There was a real sense of trust on board as people put others first and took responsibility for their tasks. As we neared the end of the expedition, an occasional sharp word would pass between the exhausted crews; however, I was impressed with the self-discipline and quick apologies that passed to maintain peace in the confined space. Although people had opposing beliefs and views, everyone respected each other, having the moral courage to speak out whenever anyone started speaking behind each other’s backs. People learnt to put aside their own desires, helping each other with their strengths and weaknesses, and maintaining patience and good humor in order to keep morale high.

Furthermore, I really enjoyed having the privilege to learn from the Skipper (Maj Terry Hackett). His absolute control and perception of anything that was about to go wrong, even when sleep-deprived, was inspiring. With a simple command word of ‘stop’, everyone would listen and obey. Throughout the week, despite being disorientated by the size of the vessel, us watch-leaders developed a similar assertiveness, maintaining discipline so that standards wouldn’t slip (especially when completing cleaning duties) and ensuring that orders were carried out promptly for safety. At first I found it difficult being a watch-leader, unaccustomed to being in a position of command over my peers; however, I soon realized that I needed to have authority and maintain control over my watch. I enjoyed patiently teaching my watch until they finally understood a skill or concept.
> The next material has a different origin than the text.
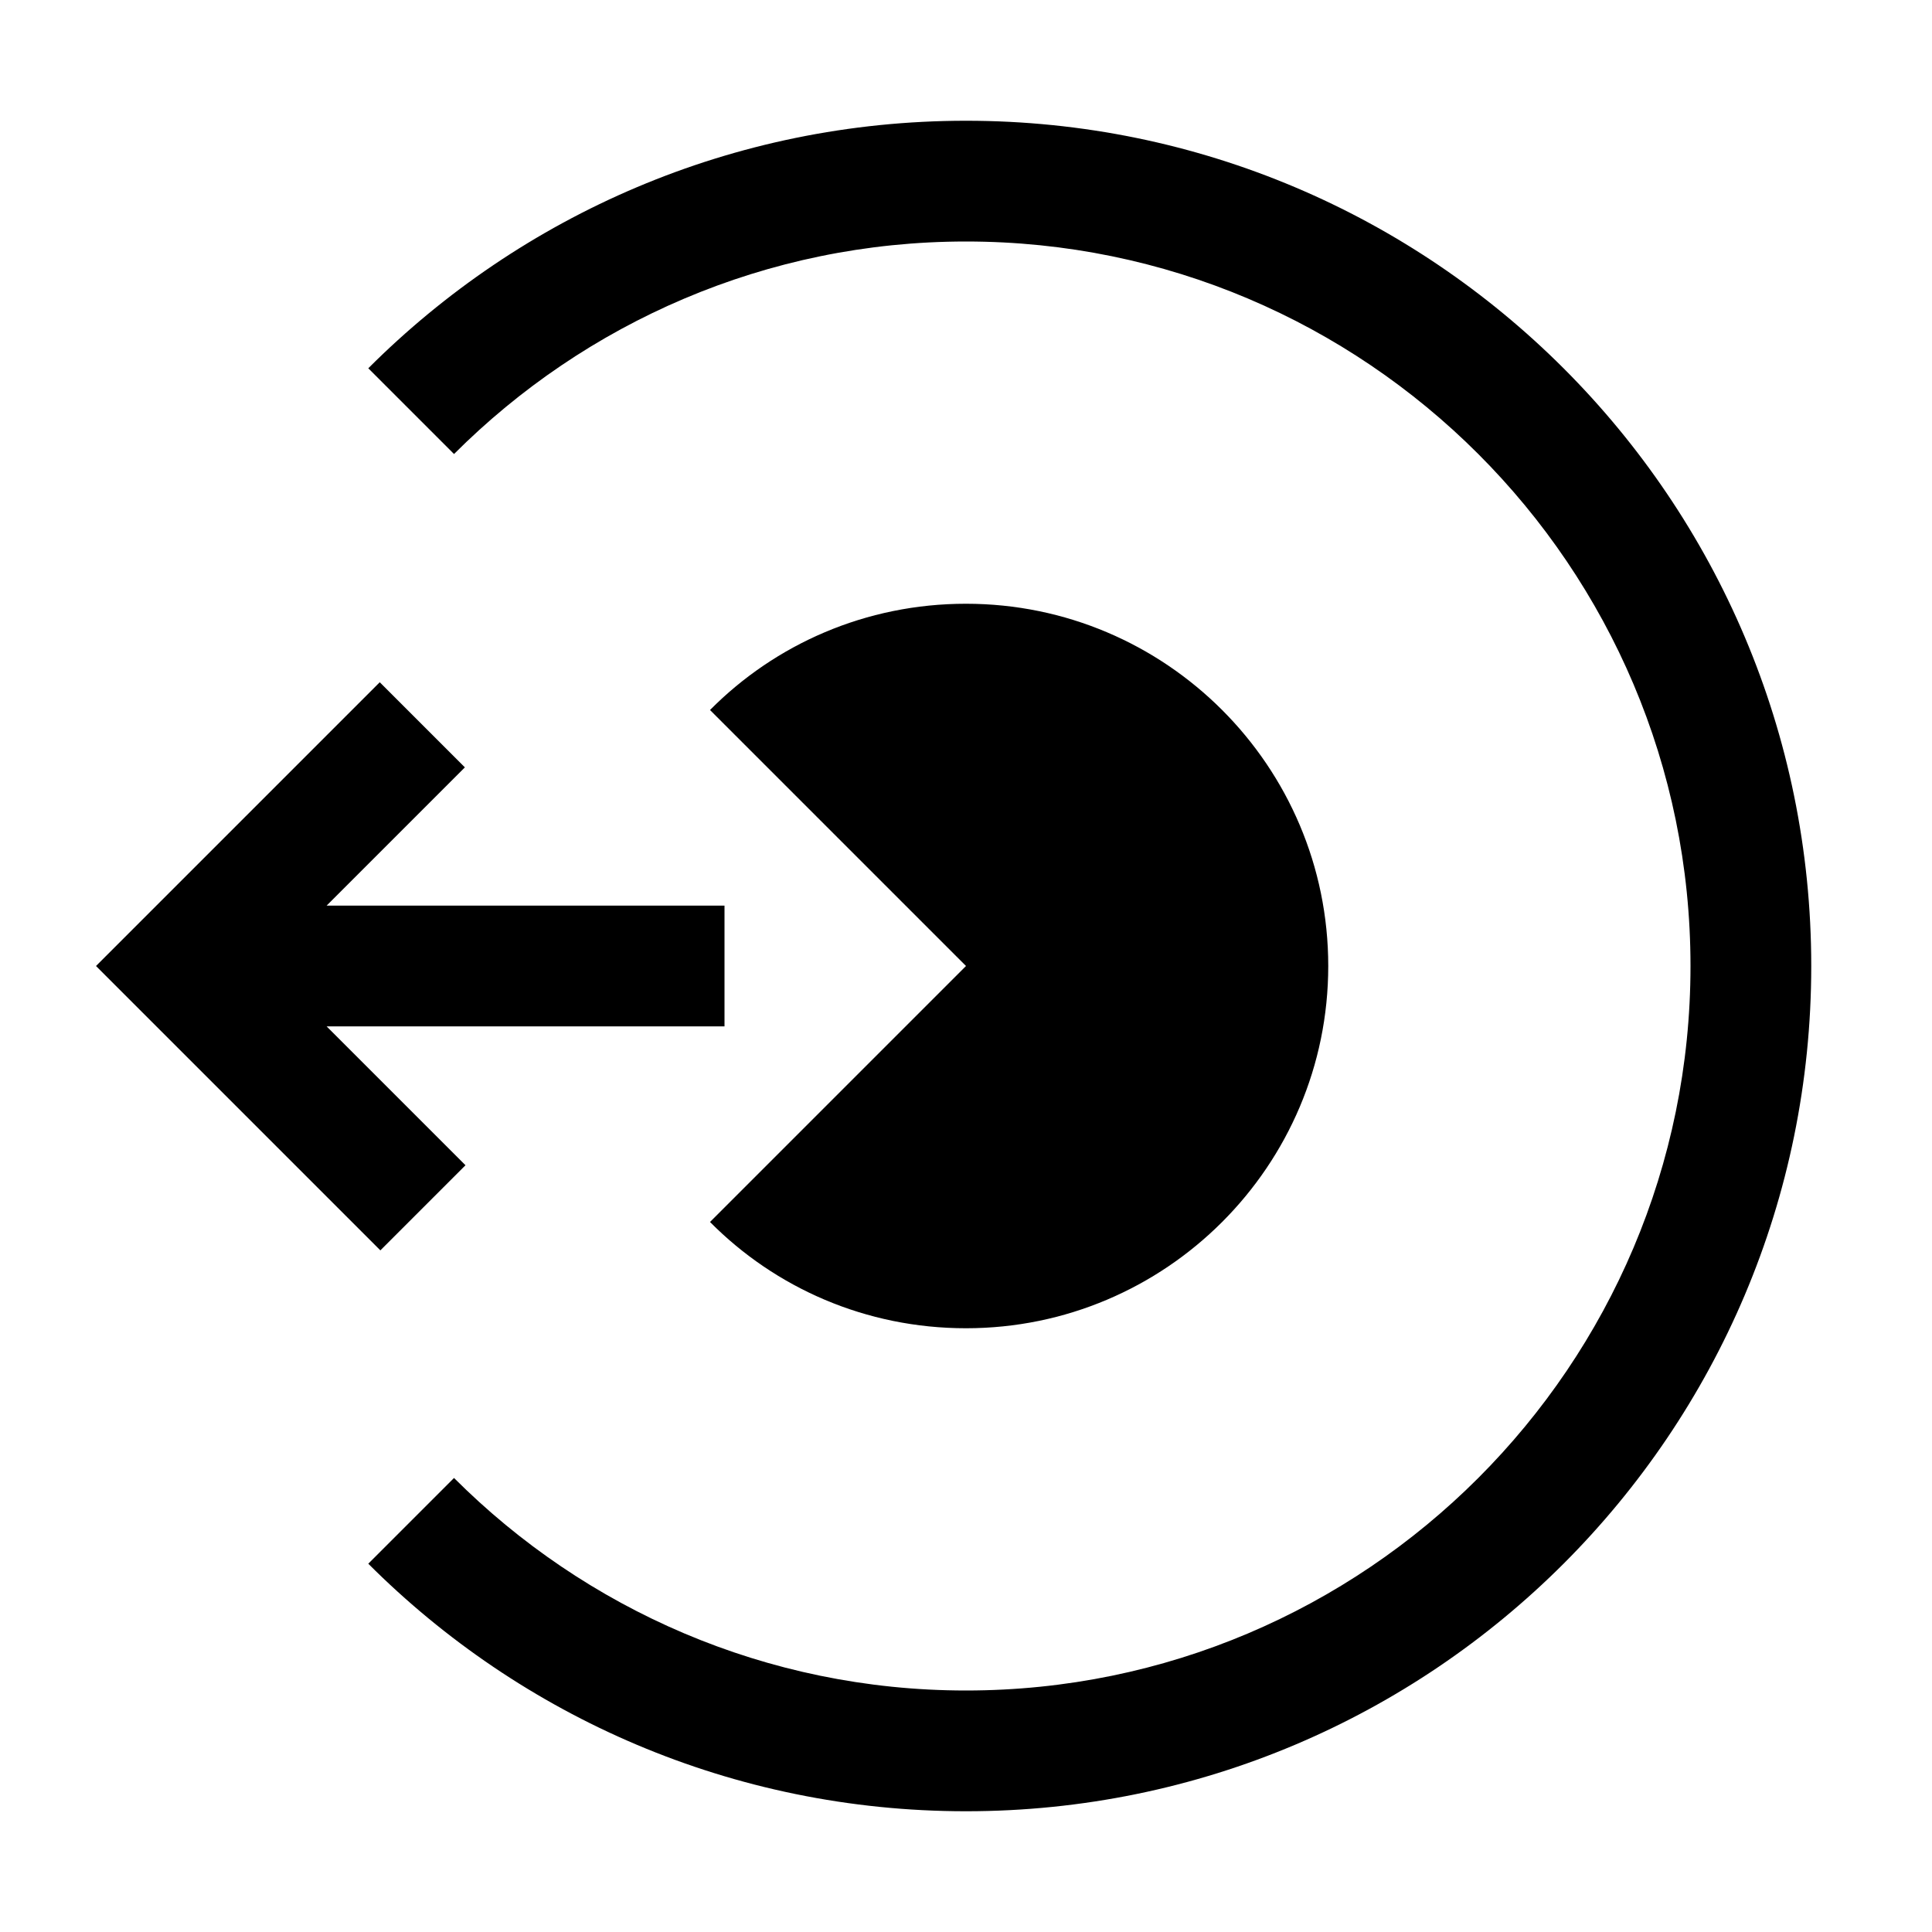 <svg xmlns="http://www.w3.org/2000/svg" style="enable-background:new 0 0 32 32" viewBox="0 0 32 32"><path d="M22,16c0,3.31-2.69,6-6,6c-1.66,0-3.16-0.67-4.24-1.76L16,16l-4.24-4.24C12.84,10.67,14.34,10,16,10	C19.31,10,22,12.69,22,16z M12,15H5.41l2.29-2.29L6.29,11.3L1.59,16l4.71,4.71l1.41-1.41L5.41,17H12V15z M16,2	c-3.87,0-7.37,1.57-9.9,4.1l1.42,1.42C9.69,5.35,12.69,4,16,4c6.62,0,12,5.38,12,12s-5.38,12-12,12c-3.31,0-6.31-1.35-8.48-3.52	L6.1,25.9C8.63,28.43,12.13,30,16,30c7.73,0,14-6.27,14-14S23.73,2,16,2z"/></svg>

It was a huge privilege to be looked up to for leadership, and to provide warmth and encouragement in order to improve confidence. It was equally as valuable learning how to have the humility to accept responsibility for our mistakes as a watch, and provide discipline accordingly so that we wouldn’t make the same mistakes again. After this exped, many of us feel more empowered to lead and have our voices heard; even in physically challenging conditions.

Overall, the success of the trip was due to the cheerful, hard-working, humour of the group, with everyone learning valuable skills, vital for many other aspects of their lives.